Over the next four years, conservatives risk well and truly losing the culture wars.
Gird your loins.
This most unusual of years has featured no shortage of unprecedented chaos—no shortage, that is, of petty looting, urban conflagration, anarchic savagery, and outright insurrection alike. This most unusual of years, blighted as it has been by the Democratic Party riots, has seen the reification of the very “American carnage” that President Trump famously inveighed against in his 2017 Inaugural Address.
But in a Joe Biden…er, Kamala Harris presidential administration, we would see an “awokening” of the federal judiciary so systemic in its all-encompassing breadth, and so grotesque in its ideological perversion, as to make that particular variety of carnage look positively tame by comparison.
By any numerical measure, the Trump administration has been uniquely successful in stacking the courts. Trump has appointed nearly 200 active federal judges, including three Supreme Court Justices. He has appointed more federal appellate court judges, who entertain final appeals in about 99% of federal lawsuits, at this juncture of his presidential tenure than any chief executive since Jimmy Carter—and the Hamas-loving Georgia peanut farmer benefited from a 1978 law that created a whopping 152 new vacancies.
Of course, while many of Trump’s (mostly lower-court) judicial appointees are bona fide rock stars, his Supreme Court picks have been less than fully stellar. Indeed, we have reached a crisis point in “conservative” jurisprudence, and it is now time to retire our outmoded bromides and reassess our first principles. What’s more, to over-emphasize the importance of the modern Republican Party’s much-ballyhooed judicial nominations apparatus—as the Senate majority leader, for instance, is wont to do—is to risk inadvertently buttressing that foremost object of Lincoln’s ire, the despotic and anti-constitutional myth of judicial supremacy.

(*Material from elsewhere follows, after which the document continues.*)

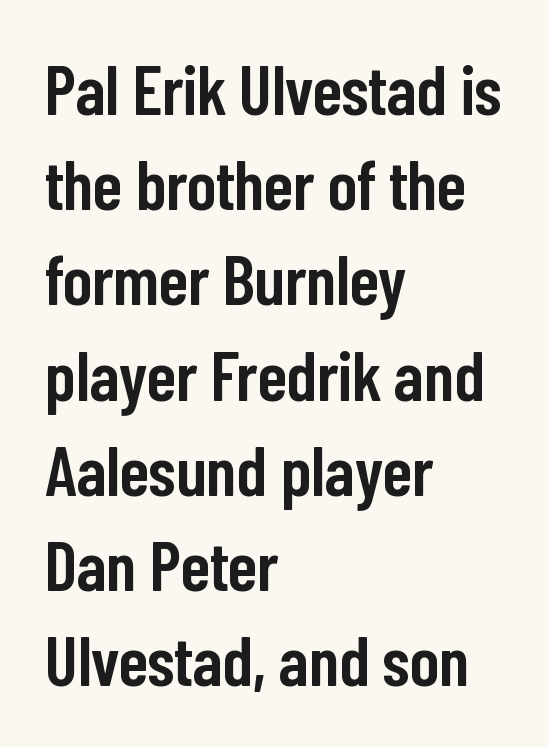
{"serif": "no", "italic": "no", "bold": "semi", "weight": "semibold", "width": "condensed", "stroke_contrast": "low", "x_height": "medium", "monospaced": "no", "underline": "no", "align": "left", "line_spacing": "normal", "line_spacing_ratio": 1.36, "letter_spacing": "normal", "letter_spacing_em": 0.0, "glyph_px": 70}

But the sheer numbers, to an extent, do speak for themselves. Numerous circuit courts have “flipped” from majority Democratic to majority Republican control. Even that most accursed of appellate tribunals, the woebegone U.S. Court of Appeals for the Ninth Circuit, has had its Democratic-appointed majority substantially reduced.
A Harris administration, in hock to the Antifa-BLM civilizational arsonist agenda, would radically and permanently weaponize Hamilton’s “least dangerous” branch. Senile Joe, flanked by his far-Left Golden State Svengali, would—lest there be any doubt whatsoever—“pack” the Supreme Court. Of course he would. The packed identity-politics Court, whose new seats will purportedly all be filled by black women (Justice Stacey Abrams, anyone?), will be lost for at least a generation—and perhaps eternity. After discarding the legislative filibuster and perhaps also packing the Senate if the Democrats retake the upper legislative chamber, “President” Harris would assuredly also try to pack with statutorily created new vacancies the sundry lower courts—the very places, that is, where the Trump administration has been most dynamic and transformative.
What’s at Stake
It is very difficult, perhaps impossible, to see how Republicans could one day recover from this. The combined effect of these actions would be to concretize the Left’s long-held post-Cooper v. Aaron (1958), post-Warren Court reverie: the full superseding of Article I, whose Vesting Clause quite clearly states that “[a]ll legislative powers herein granted shall be vested in a Congress of the United States,” with a black-robed Article III super-legislature.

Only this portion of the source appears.